Task to complete »
Look through the material below for "left". Copy every line that contains it.

Available data »
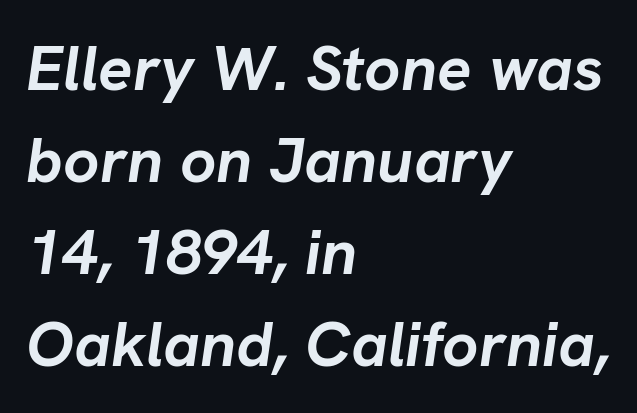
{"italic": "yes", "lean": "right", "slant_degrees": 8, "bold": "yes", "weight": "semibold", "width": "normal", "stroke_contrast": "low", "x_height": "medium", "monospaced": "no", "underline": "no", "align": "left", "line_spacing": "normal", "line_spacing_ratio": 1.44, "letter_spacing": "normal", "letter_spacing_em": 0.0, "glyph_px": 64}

--

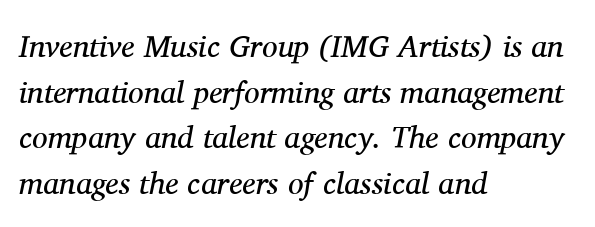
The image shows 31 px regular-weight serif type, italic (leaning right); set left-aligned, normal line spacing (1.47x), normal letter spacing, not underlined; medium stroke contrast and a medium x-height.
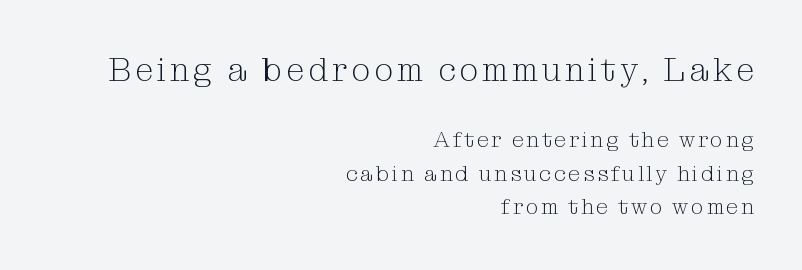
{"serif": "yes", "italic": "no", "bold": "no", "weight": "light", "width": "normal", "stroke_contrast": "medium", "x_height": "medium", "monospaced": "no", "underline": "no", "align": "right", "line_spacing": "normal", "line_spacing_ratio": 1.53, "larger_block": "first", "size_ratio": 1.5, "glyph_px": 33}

Output of the task »
{"italic": "yes", "lean": "right", "slant_degrees": 8, "bold": "yes", "weight": "semibold", "width": "normal", "stroke_contrast": "low", "x_height": "medium", "monospaced": "no", "underline": "no", "align": "left", "line_spacing": "normal", "line_spacing_ratio": 1.44, "letter_spacing": "normal", "letter_spacing_em": 0.0, "glyph_px": 64}
The image shows 31 px regular-weight serif type, italic (leaning right); set left-aligned, normal line spacing (1.47x), normal letter spacing, not underlined; medium stroke contrast and a medium x-height.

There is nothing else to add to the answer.